3B-h). To further dissect how AR regulates MMP-9 at the transcriptional level, we constructed an MMP-9 promoter (ranged from
+2 to −2629) hooked with a luciferase vector to test whether AR could negatively regulate MMP-9 promoter transactivation activity, and found that AR could suppress MMP-9 expression in promoter regulation (Supporting Fig. 7A-C). We also applied the zymography assay to detect MMP-9 activity, and found higher Pembrolizumab chemical structure MMP-9 proteolytic activity in ARKO BM-MSCs, compared with WT BM-MSCs (Fig. 3B-i). This was also confirmed in studies using hMSCs manipulated with AR-siRNA (Supporting Fig. 6C,F). To test whether ARKO-mediated enhanced migration is MMP-9 dependent, we pretreated ARKO BM-MSCs with an MMP-9 inhibitor and performed the migration assay, and results showed that the addition of the MMP-9 inhibitor indeed masked ARKO-mediated enhanced migration ability (Fig. 3B-j), suggesting that AR needs to go through MMP-9 to exert its influence on BM-MSC migration. Together, results from three different types of assays all proved that MMP-9 is a critical molecule to mediate the enhanced LEE011 molecular weight migration ability of ARKO BM-MSCs. Finally, we confirmed the above-described findings showing KO of AR in BM-MSCs increased self-renewal potential and migration capacity in CCl4-induced liver cirrhotic mice. Consistently, ARKO BM-MSCs-transplanted liver showed higher Ki67/GFP double-positive
stained cells (representing proliferating transplanted BM-MSCs) than WT BM-MSCs (Fig. 3C-k-m). To correlate the increased self-renewal and migration potentials of ARKO BM-MSCs improvement in anti-fibrosis and anti-inflammatory selleckchem actions, we used conditioned medium (CM) of BM-MSCs to test their effects on macrophage migration and HSCs proliferation.

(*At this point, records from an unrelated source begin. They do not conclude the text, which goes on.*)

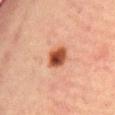Q: What are the patient's age and sex?
A: female, aged 38 to 42
Q: Lesion size?
A: about 3.5 mm
Q: What is the imaging modality?
A: ~15 mm crop, total-body skin-cancer survey
Q: How was the tile lit?
A: cross-polarized
Q: Where on the body is the lesion?
A: the abdomen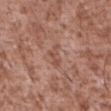• notes · catalogued during a skin exam; not biopsied
• subject · male, in their mid- to late 40s
• body site · the abdomen
• image source · total-body-photography crop, ~15 mm field of view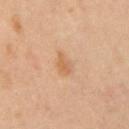* workup · total-body-photography surveillance lesion; no biopsy
* subject · female, about 45 years old
* acquisition · total-body-photography crop, ~15 mm field of view
* body site · the right upper arm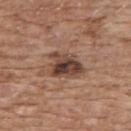The lesion was tiled from a total-body skin photograph and was not biopsied.
The subject is a male aged approximately 60.
A lesion tile, about 15 mm wide, cut from a 3D total-body photograph.
From the chest.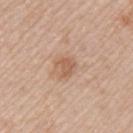No biopsy was performed on this lesion — it was imaged during a full skin examination and was not determined to be concerning.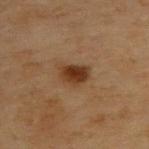Imaged during a routine full-body skin examination; the lesion was not biopsied and no histopathology is available.
Imaged with cross-polarized lighting.
A 15 mm close-up tile from a total-body photography series done for melanoma screening.
On the upper back.
A male patient roughly 55 years of age.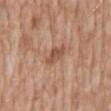imaging modality: ~15 mm tile from a whole-body skin photo | automated metrics: lesion-presence confidence of about 100/100 | site: the abdomen | diameter: ~3 mm (longest diameter) | subject: male, aged 58–62.

Results showed that BM-MSCs-inhibited macrophage migration (anti-inflammatory effects) and HSCs proliferation (anti-fibrotic actions) were BM-MSCs-number dependent (Fig. 3D,E), suggesting
that KO of AR-increased self-renewal and migration of BM-MSCs resulted in more BM-MSCs to exert better anti-inflammation and anti-fibrotic actions. Together, results (from Fig. 3A-E) concluded that KO of AR in BM-MSCs led to increased self-renewal and migration potentials of BM-MSCs and these resulted in better transplantation therapeutic efficacy to treat liver cirrhosis by exerting better anti-fibrotic and anti-inflammatory effects. These phenotypes were involved in the modulation of EGF-Erk1/2/Akt signals, as well as MMP-9 signals. All above-described results demonstrated that higher numbers of BM-MSCs migrating into the cirrhotic liver led to better transplantation therapeutic efficacy with higher anti-inflammatory and anti-fibrotic effects (Fig. 3D,E). We were interested to know whether there are any secreted paracrine factors influenced by knockout of AR in BM-MSCs to contribute to anti-inflammatory and -fibrotic actions.